Bug 858197

Summary: It's not possible to change loglevels at runtime for TOTEM subsystem
Product: [Fedora] Fedora Reporter: Jan Friesse <jfriesse>
Component: libqbAssignee: Angus Salkeld <asalkeld>
Status: CLOSED CURRENTRELEASE QA Contact: Fedora Extras Quality Assurance <extras-qa>
Severity: high Docs Contact:
Priority: high    
Version: rawhideCC: abeekhof, asalkeld, dvossel, fdinitto, sdake
Target Milestone: ---   
Target Release: ---   
Hardware: Unspecified   
OS: Unspecified   
Whiteboard:
Fixed In Version: Doc Type: Bug Fix
Doc Text:
Story Points: ---
Clone Of: Environment:
Last Closed: 2012-11-16 07:39:46 UTC Type: Bug
Regression: --- Mount Type: ---
Documentation: --- CRM:
Verified Versions: Category: ---
oVirt Team: --- RHEL 7.3 requirements from Atomic Host:
Cloudforms Team: --- Target Upstream Version:
Embargoed:

Description Jan Friesse 2012-09-18 09:59:51 UTC
Description of problem:
See "steps to reproduce"

Version-Release number of selected component (if applicable):
git master (both corosync and libqb)

How reproducible:
99.7%

Steps to Reproduce:
1. set debug:off in corosync.conf
2. corosync -f
3. corosync-cmapctl -s logging.debug str on
4. start corosync -f on other node


Actual results:

NO debugging information (messages in debug level) on stderr nor syslog from TOTEM subsystem. Other subsystems (like cpg, libqb, ...) seems to handle change.


Expected results:
It's possible to change loglevel for TOTEM.

Additional info:
It can (of course) be bug in corosync, but filling to libqb, because after 10+ hours, I was unable to find out, HOW libqb log works).

Comment 1 Fabio Massimo Di Nitto 2012-09-19 12:04:22 UTC
using both libqb and corosync master branch from git as of today.

        logger_subsys {
                subsys: TOTEM
                debug: off
        }

corosync-cmapctl -s logging.logger_subsys.TOTEM.debug str trace

It appears that there is memory corruption and list entries duplication in call site handling.

libtotem does not link with libqb nor uses libqb directly.

corosync/exec/main.c defines _logsys_log_printf as:

static void
_logsys_log_printf(int level, int subsys,
                const char *function_name,
                const char *file_name,
                int file_line,
                const char *format, ...)
{
        va_list ap;

        va_start(ap, format);
        qb_log_from_external_source_va(function_name, file_name,
                                    format, level, file_line,
                                    subsys, ap);
        va_end(ap);
}

libtotem (and all parts of totem) are passed that function as logging function.
Including other bits such as subsys.

Every call libtotem does to log_printf is an alias to totem_log_printf that jumps back to qb_log_from_external_source_va.
Also to be noted that TOTEM "filename" for filtering is defined as totem.

All other subsystems are using qb_log directly.

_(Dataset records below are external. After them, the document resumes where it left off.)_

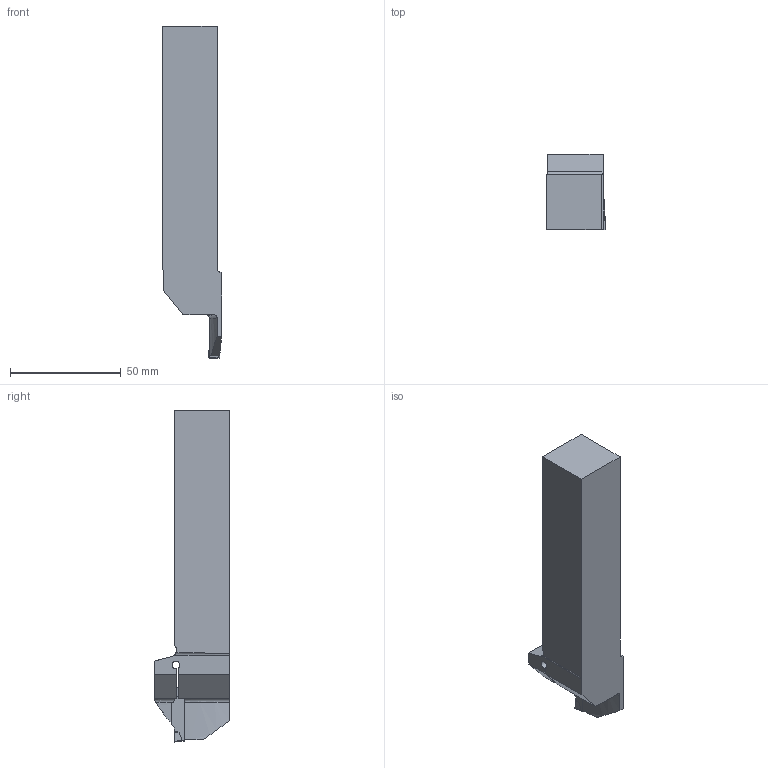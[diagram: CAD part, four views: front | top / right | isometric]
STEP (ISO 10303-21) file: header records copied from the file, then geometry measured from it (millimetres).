
FILE_DESCRIPTION(/* description */ (''),/* implementation_level */ '2;1');
FILE_NAME(/* name */ 'TOOLASSEMBLY_1.STP',/* time_stamp */ '2022-12-22T14:04:55+01:00',/* author */ (''),/* organization */ ('SMS'),/* preprocessor_version */ 'ST-DEVELOPER v16.7',/* originating_system */ 'SIEMENS PLM Software NX 12.0',/* authorisation */ '');
FILE_SCHEMA (('AUTOMOTIVE_DESIGN { 1 0 10303 214 3 1 1 1 }'));
Length unit declared in the file: millimetre
Products named in the file (4): ASSEMBLY_CONSTRUCTION; CUT_20221222140354; NOCUT_20221222140312; TOOLASSEMBLY_1
Assembly tree (3 placements, depth 2):
  TOOLASSEMBLY_1
    NOCUT_20221222140312
    CUT_20221222140354
    ASSEMBLY_CONSTRUCTION
Bounding box: 26.95 x 34.1 x 150 mm (x, y, z)
Volume: 84734.8 mm3; surface area: 16935.6 mm2
Topology: 2 solids, 2 shells, 66 faces, 188 edges, 131 vertices
Faces by surface type: plane 49, cylinder 11, extrusion 4, torus 2
Entity records: 3356 total; most frequent: CARTESIAN_POINT 1477, ORIENTED_EDGE 372, DIRECTION 350, EDGE_CURVE 186, VECTOR 130, LINE 126, VERTEX_POINT 124, AXIS2_PLACEMENT_3D 110
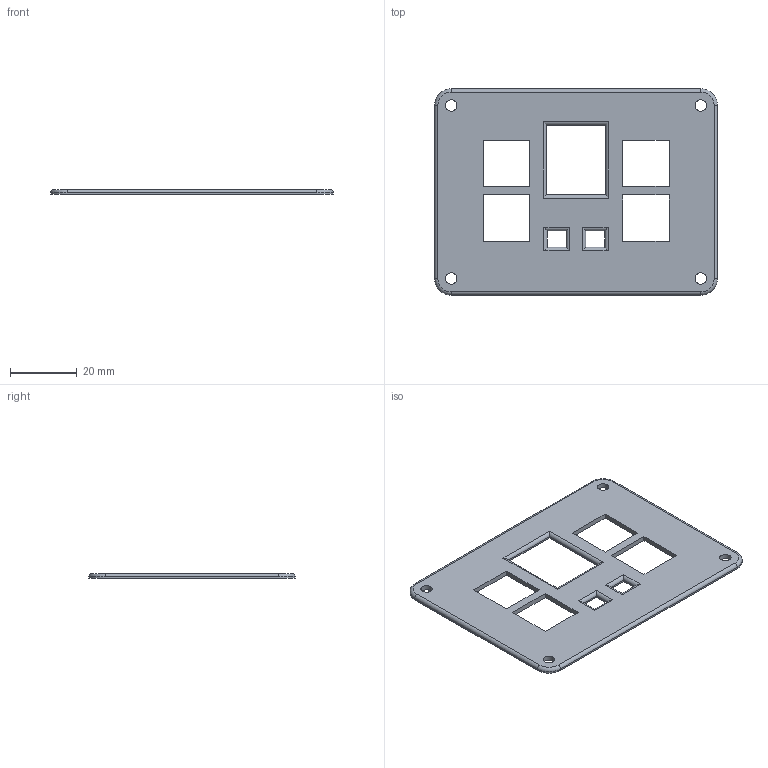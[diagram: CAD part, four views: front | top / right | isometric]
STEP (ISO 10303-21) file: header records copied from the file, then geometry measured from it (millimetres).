
FILE_DESCRIPTION(/* description */ ('STEP AP242','CAx-IF Rec.Pracs.---Representation and Presentation of Product Manufacturing Information (PMI)---4.0---2014-10-13','CAx-IF Rec.Pracs.---3D Tessellated Geometry---0.4---2014-09-14','2;1'),/* implementation_level */ '2;1');
FILE_NAME(/* name */ '67b7d2e59153ed1e3eb3fc81',/* time_stamp */ '2025-02-21T01:12:05Z',/* author */ (''),/* organization */ (''),/* preprocessor_version */ 'ST-DEVELOPER v20',/* originating_system */ 'ONSHAPE BY PTC INC, 1.193',/* authorisation */ ' ');
FILE_SCHEMA (('AP242_MANAGED_MODEL_BASED_3D_ENGINEERING_MIM_LF { 1 0 10303 442 1 1 4 }'));
Length unit declared in the file: metre
Products named in the file (1): Part 1
Bounding box: 85 x 62 x 1.5 mm (x, y, z)
Volume: 5913.3 mm3; surface area: 8836.9 mm2
Topology: 1 solids, 1 shells, 62 faces, 160 edges, 100 vertices
Faces by surface type: plane 34, cylinder 24, torus 4
Full cylindrical faces by diameter (mm): 3.4 x4
Entity records: 1910 total; most frequent: DIRECTION 322, CARTESIAN_POINT 319, ORIENTED_EDGE 312, EDGE_CURVE 156, LINE 116, VECTOR 116, AXIS2_PLACEMENT_3D 103, VERTEX_POINT 100
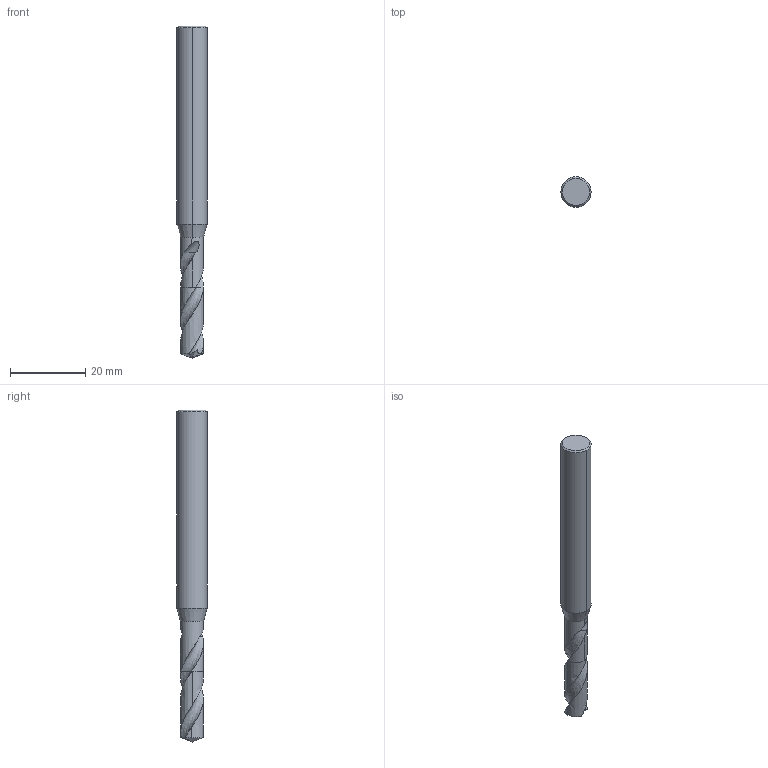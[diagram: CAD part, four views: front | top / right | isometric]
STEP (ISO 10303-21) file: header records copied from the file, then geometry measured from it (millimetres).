
FILE_DESCRIPTION(('no description'),'unknown implementation level');
FILE_NAME('solidLwTrayw4PKmoPgCcMJoek_ISlHQ_1.STP',' ',('CIM GmbH Aachen'),('CADClick - KiM GmbH - www.kimweb.de'),'unknown preprocess','ACIS','unknown authorization');
FILE_SCHEMA(('automotive_design'));
Length unit declared in the file: millimetre
Products named in the file (2): 1; 2
Bounding box: 8 x 8 x 88 mm (x, y, z)
Volume: 3475 mm3; surface area: 2154.9 mm2
Topology: 2 solids, 2 shells, 56 faces, 149 edges, 93 vertices
Faces by surface type: cone 18, plane 18, cylinder 14, bspline 4, revolution 2
Entity records: 7043 total; most frequent: CARTESIAN_POINT 4083, STYLED_ITEM 296, PRESENTATION_STYLE_ASSIGNMENT 296, COLOUR_RGB 296, ORIENTED_EDGE 290, DIRECTION 235, EDGE_CURVE 145, CURVE_STYLE 145
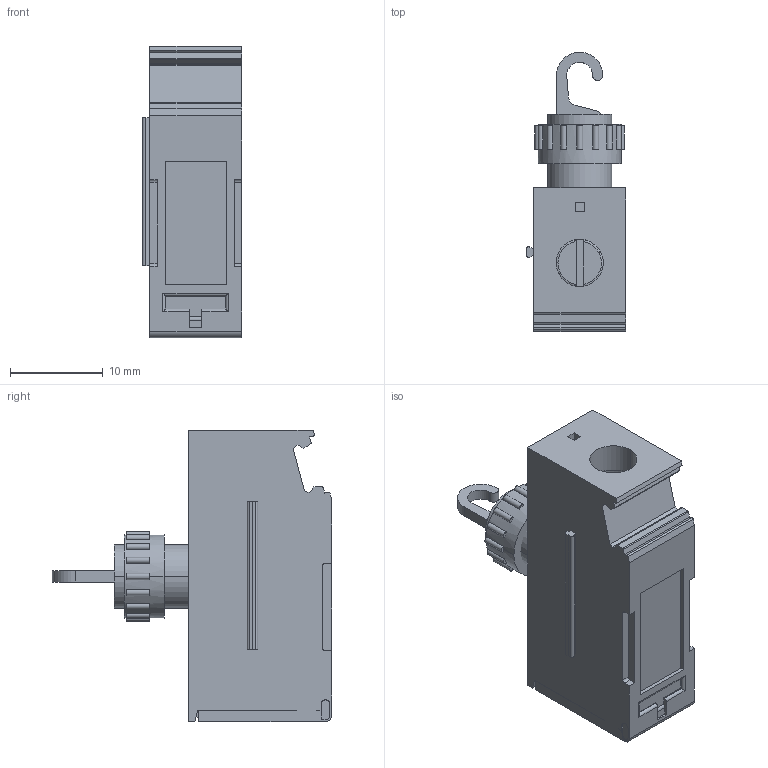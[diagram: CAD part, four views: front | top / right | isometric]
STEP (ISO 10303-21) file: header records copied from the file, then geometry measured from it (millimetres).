
FILE_DESCRIPTION(('CATIA V5 STEP Exchange','CAx-IF Rec.Pracs.--- Model Styling and Organization---1.4--- 2014-01-23'),'2;1');
FILE_NAME ('D1480041_0_2484800000_2484800000.stp','2021-03-30T11:14:23+00:00',('none'),('Weidmueller'),'CATIA Version 5-6 Release 2016 SP3 HF44','CATIA V5 STEP AP214','none');
FILE_SCHEMA(('AUTOMOTIVE_DESIGN { 1 0 10303 214 1 1 1 1 }'));
Length unit declared in the file: millimetre
Products named in the file (1): 2484800000
Bounding box: 10.74 x 30.2 x 31.5 mm (x, y, z)
Volume: 4746.7 mm3; surface area: 3163.8 mm2
Topology: 4 solids, 4 shells, 296 faces, 805 edges, 545 vertices
Faces by surface type: plane 179, cylinder 108, torus 6, bspline 2, cone 1
Entity records: 8970 total; most frequent: CARTESIAN_POINT 1982, ORIENTED_EDGE 1610, DIRECTION 1114, EDGE_CURVE 805, VERTEX_POINT 545, VECTOR 473, LINE 473, AXIS2_PLACEMENT_3D 452
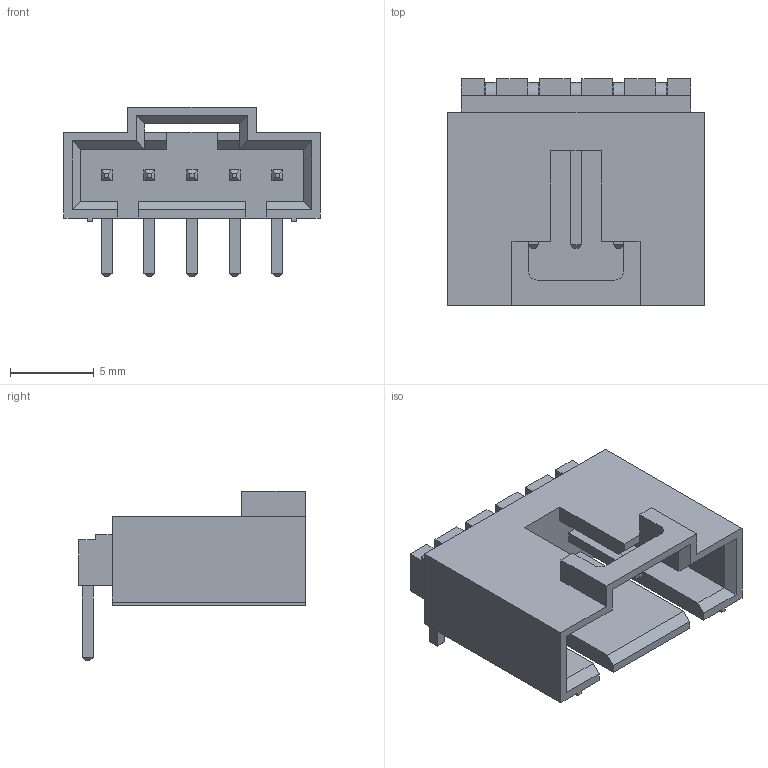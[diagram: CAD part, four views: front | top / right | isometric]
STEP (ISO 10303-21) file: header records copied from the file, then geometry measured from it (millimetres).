
FILE_DESCRIPTION (( 'STEP AP214' ), '1' );
FILE_NAME ('MX2.54-5R.STEP', '2020-11-10T12:22:07', ( 'Elessar' ), ( '' ), 'SwSTEP 2.0', 'SolidWorks 2018', '' );
FILE_SCHEMA (( 'AUTOMOTIVE_DESIGN' ));
Length unit declared in the file: millimetre
Products named in the file (1): MX2.54-5R
Bounding box: 15.25 x 13.5 x 10.1 mm (x, y, z)
Volume: 566.3 mm3; surface area: 1150.2 mm2
Topology: 1 solids, 1 shells, 191 faces, 470 edges, 290 vertices
Faces by surface type: plane 174, bspline 10, cylinder 7
Entity records: 7096 total; most frequent: CARTESIAN_POINT 1382, ORIENTED_EDGE 940, DIRECTION 858, EDGE_CURVE 470, LINE 446, VECTOR 446, VERTEX_POINT 290, AXIS2_PLACEMENT_3D 206
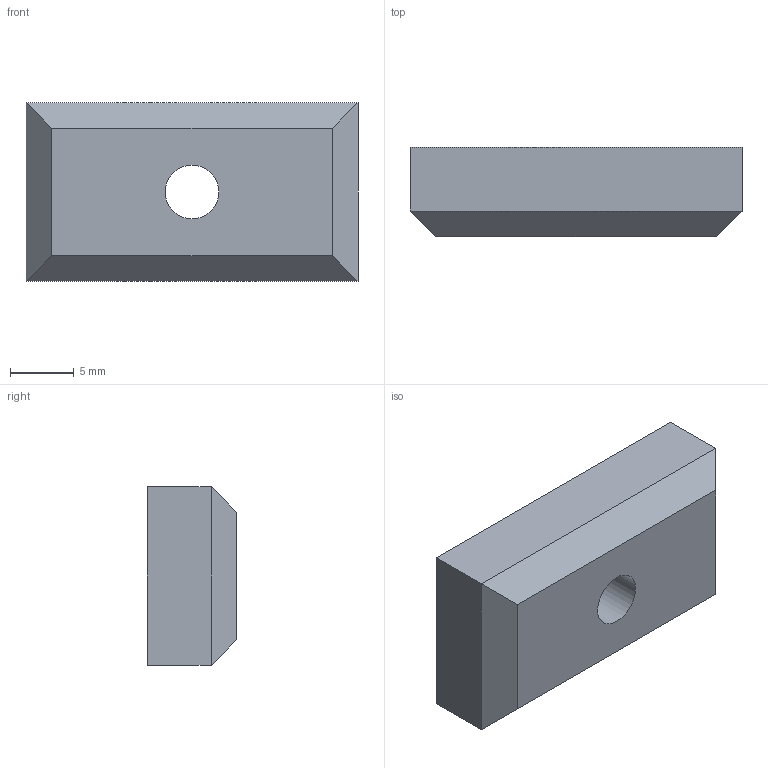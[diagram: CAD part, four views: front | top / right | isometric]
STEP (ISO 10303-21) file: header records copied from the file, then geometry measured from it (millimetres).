
FILE_DESCRIPTION(/* description */ (''),/* implementation_level */ '2;1');
FILE_NAME(/* name */ 'Pratze',/* time_stamp */ '2024-10-31T19:15:09+01:00',/* author */ (''),/* organization */ ('Focke & Co'),/* preprocessor_version */ 'ST-DEVELOPER v19.4',/* originating_system */ 'Solid Edge',/* authorisation */ 'Unknown');
FILE_SCHEMA (('AUTOMOTIVE_DESIGN {1 0 10303 214 3 1 1}'));
Length unit declared in the file: millimetre
Products named in the file (1): Pratze
Bounding box: 26 x 7 x 14 mm (x, y, z)
Volume: 2210.2 mm3; surface area: 1287.7 mm2
Topology: 1 solids, 1 shells, 18 faces, 42 edges, 27 vertices
Faces by surface type: plane 17, cylinder 1
Full cylindrical faces by diameter (mm): 4.2 x1
Entity records: 524 total; most frequent: CARTESIAN_POINT 85, ORIENTED_EDGE 80, DIRECTION 80, EDGE_CURVE 40, LINE 38, VECTOR 38, VERTEX_POINT 26, EDGE_LOOP 22
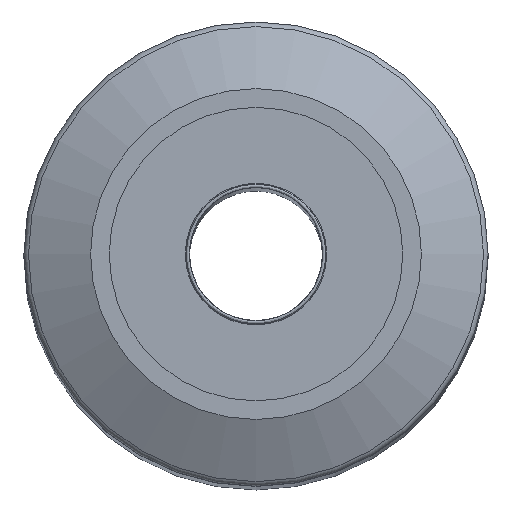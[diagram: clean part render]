
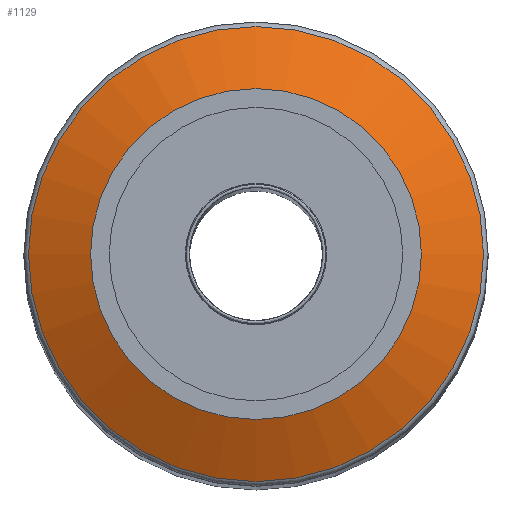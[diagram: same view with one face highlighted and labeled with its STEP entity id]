
A CAD part, top view. The second image highlights one B-rep face of the part: STEP entity #1129.
In plain terms, the highlighted conical face has half-angle 65 degrees and reference radius 27.5 mm.
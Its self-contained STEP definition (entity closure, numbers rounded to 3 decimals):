
#38=CONICAL_SURFACE('',#1219,27.5,1.134);
#292=ORIENTED_EDGE('',*,*,#386,.F.);
#293=ORIENTED_EDGE('',*,*,#311,.T.);
#311=EDGE_CURVE('',#396,#396,#463,.F.);
#386=EDGE_CURVE('',#453,#453,#490,.T.);
#396=VERTEX_POINT('',#1465);
#453=VERTEX_POINT('',#1712);
#463=CIRCLE('',#1147,31.);
#490=CIRCLE('',#1218,42.634);
#573=EDGE_LOOP('',(#292));
#574=EDGE_LOOP('',(#293));
#665=FACE_BOUND('',#573,.T.);
#666=FACE_BOUND('',#574,.T.);
#1129=ADVANCED_FACE('',(#665,#666),#38,.T.);
#1147=AXIS2_PLACEMENT_3D('',#1464,#1245,#1246);
#1218=AXIS2_PLACEMENT_3D('',#1711,#1425,#1426);
#1219=AXIS2_PLACEMENT_3D('',#1713,#1427,#1428);
#1245=DIRECTION('',(0.,0.,1.));
#1246=DIRECTION('',(1.,0.,0.));
#1425=DIRECTION('',(0.,0.,-1.));
#1426=DIRECTION('',(-1.,0.,0.));
#1427=DIRECTION('',(0.,0.,-1.));
#1428=DIRECTION('',(-1.,0.,0.));
#1464=CARTESIAN_POINT('',(0.,0.,426.));
#1465=CARTESIAN_POINT('',(31.,0.,426.));
#1711=CARTESIAN_POINT('',(0.,0.,420.575));
#1712=CARTESIAN_POINT('',(-42.634,0.,420.575));
#1713=CARTESIAN_POINT('',(0.,0.,427.632));
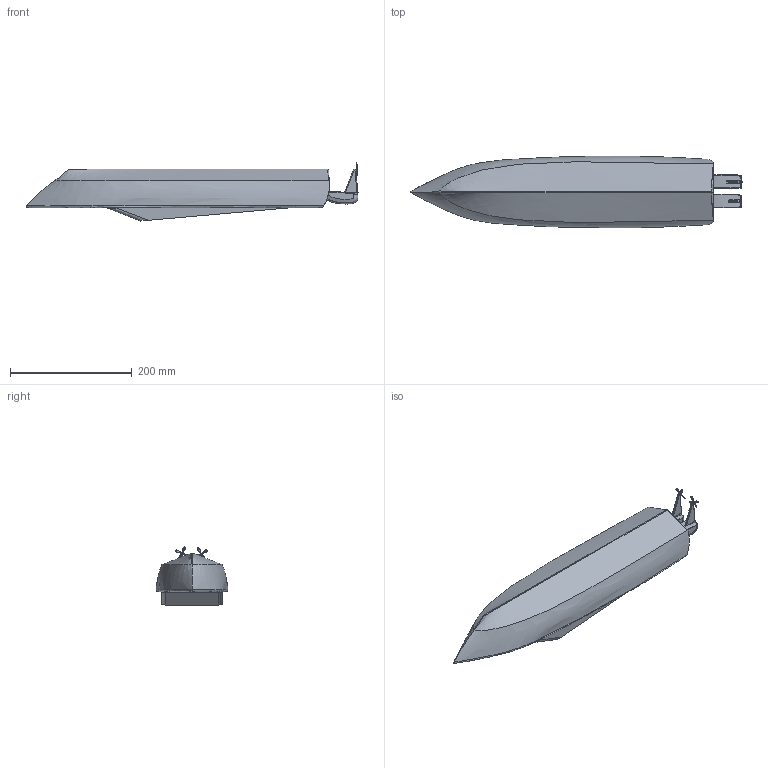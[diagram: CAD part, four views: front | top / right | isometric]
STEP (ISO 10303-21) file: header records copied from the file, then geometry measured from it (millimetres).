
FILE_DESCRIPTION(('FreeCAD Model'),'2;1');
FILE_NAME('Open CASCADE Shape Model','2025-05-05T05:01:20',('FreeCAD'),( 'FreeCAD'),'Open CASCADE STEP processor 7.6','FreeCAD','Unknown');
FILE_SCHEMA(('AUTOMOTIVE_DESIGN { 1 0 10303 214 1 1 1 1 }'));
Length unit declared in the file: millimetre
Products named in the file (1): Open CASCADE STEP translator 7.6 1
Bounding box: 545.65 x 118.29 x 95.36 mm (x, y, z)
Volume: 1797819.9 mm3; surface area: 211144.6 mm2
Topology: 22 solids, 22 shells, 255 faces, 561 edges, 316 vertices
Faces by surface type: bspline 255
Entity records: 25031 total; most frequent: CARTESIAN_POINT 21659, ORIENTED_EDGE 1058, EDGE_CURVE 529, B_SPLINE_CURVE_WITH_KNOTS 435, VERTEX_POINT 316, ADVANCED_FACE 255, FACE_BOUND 255, EDGE_LOOP 255
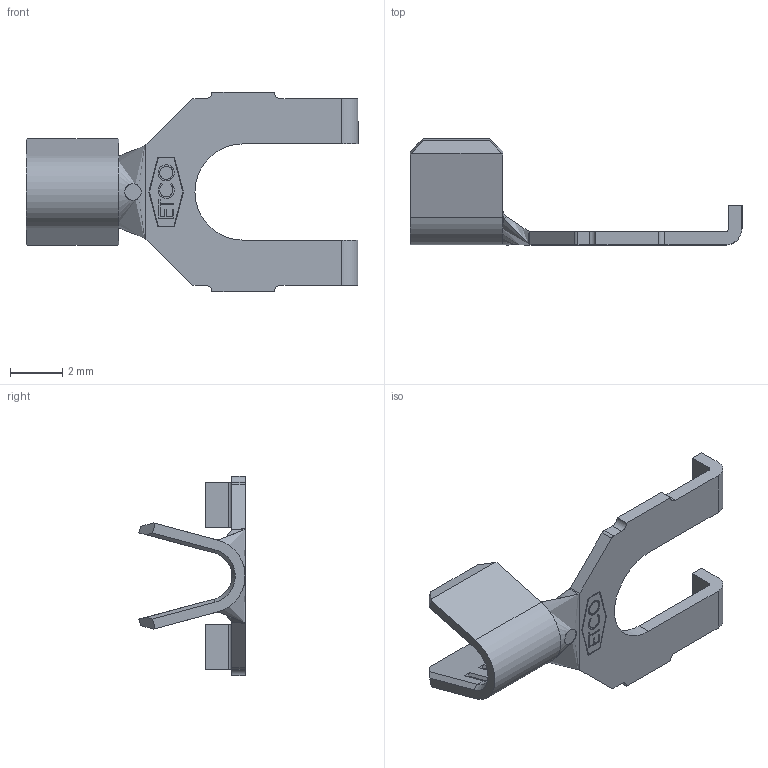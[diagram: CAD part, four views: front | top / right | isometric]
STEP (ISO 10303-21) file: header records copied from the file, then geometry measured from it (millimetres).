
FILE_DESCRIPTION (( 'STEP AP203' ), '1' );
FILE_NAME ('03129.STEP', '2019-12-30T12:34:15', ( 'tempuser' ), ( 'Microsoft' ), 'SwSTEP 2.0', 'SolidWorks 2019', '' );
FILE_SCHEMA (( 'CONFIG_CONTROL_DESIGN' ));
Length unit declared in the file: inch
Products named in the file (1): 03129
Bounding box: 12.7 x 4.06 x 7.65 mm (x, y, z)
Volume: 35.8 mm3; surface area: 177.6 mm2
Topology: 1 solids, 1 shells, 166 faces, 430 edges, 274 vertices
Faces by surface type: plane 109, bspline 25, cylinder 23, cone 9
Entity records: 6451 total; most frequent: CARTESIAN_POINT 2489, ORIENTED_EDGE 860, DIRECTION 699, EDGE_CURVE 430, LINE 325, VECTOR 325, VERTEX_POINT 274, AXIS2_PLACEMENT_3D 187

This is the first and most important difference.

qb_log_from_external_source_va -> calls into qb_log_callsite_get that
calls into qb_log_dcs_get.

For some reasons, that I can´t really figure out yet, qb_log_dcs_get, does allocated different callsite for the same file and I suspect that there is a memory leak and memory corruption. I don´t exclude that what we do in corosync is wrong, but....

diff --git a/exec/main.c b/exec/main.c
index c21f47f..140845f 100644
--- a/exec/main.c
+++ b/exec/main.c
@@ -827,11 +827,17 @@ _logsys_log_printf(int level, int subsys,
                const char *format, ...)
 {
        va_list ap;
+       struct qb_log_callsite *cs = qb_log_callsite_get(function_name,
+                                                        file_name,
+                                                        format,
+                                                        level,
+                                                        file_line,
+                                                        0);
+
+       fprintf(stderr, "DEBUG: callsite: %p %s\n", cs, file_name);
 
        va_start(ap, format);
-       qb_log_from_external_source_va(function_name, file_name,
-                                   format, level, file_line,
-                                   subsys, ap);
+       qb_log_real_va_(cs, ap);
        va_end(ap);
 }

changing _logsys_log_printf as in this patch shows:
(short snippet)
Sep 19 13:49:26 trace   [TOTEM ] Received ringid(192.168.2.97:304) seq 1
DEBUG: callsite: 0x7fec263c3320 /home/fabbione/work/cluster/corosync/corosync/exec/totemsrp.c
Sep 19 13:49:26 trace   [YKD   ] Received ringid(192.168.2.97:304) seq 2
DEBUG: callsite: 0x7fec263be110 /home/fabbione/work/cluster/corosync/corosync/exec/totemsrp.c
DEBUG: callsite: 0x7fec263be138 /home/fabbione/work/cluster/corosync/corosync/exec/totemsrp.c

that doesn´t look correct at all. subsystem has become YKD from TOTEM (note i don´t load anything in corosync.conf) after changing debug=off to debug=trace.

and it´s odd to see that new cs are allocated (this is just a short summary of a full run).

Adding debugging log to libqb somehow confirms that new_dcs are allocated from time to time.

Comment 3 Fedora Update System 2012-10-29 02:22:12 UTC
libqb-0.14.3-2.fc17 has been submitted as an update for Fedora 17.
https://admin.fedoraproject.org/updates/libqb-0.14.3-2.fc17

Comment 4 Fedora Update System 2012-10-29 02:22:24 UTC
libqb-0.14.3-2.fc18 has been submitted as an update for Fedora 18.
https://admin.fedoraproject.org/updates/libqb-0.14.3-2.fc18

Comment 5 Fedora Update System 2012-10-29 18:16:09 UTC
Package libqb-0.14.3-2.fc18:
* should fix your issue,
* was pushed to the Fedora 18 testing repository,
* should be available at your local mirror within two days.
Update it with:
# su -c 'yum update --enablerepo=updates-testing libqb-0.14.3-2.fc18'
as soon as you are able to.
Please go to the following url:
https://admin.fedoraproject.org/updates/FEDORA-2012-17170/libqb-0.14.3-2.fc18
then log in and leave karma (feedback).

Comment 6 Fedora Update System 2012-11-16 07:39:47 UTC
libqb-0.14.3-2.fc17 has been pushed to the Fedora 17 stable repository.  If problems still persist, please make note of it in this bug report.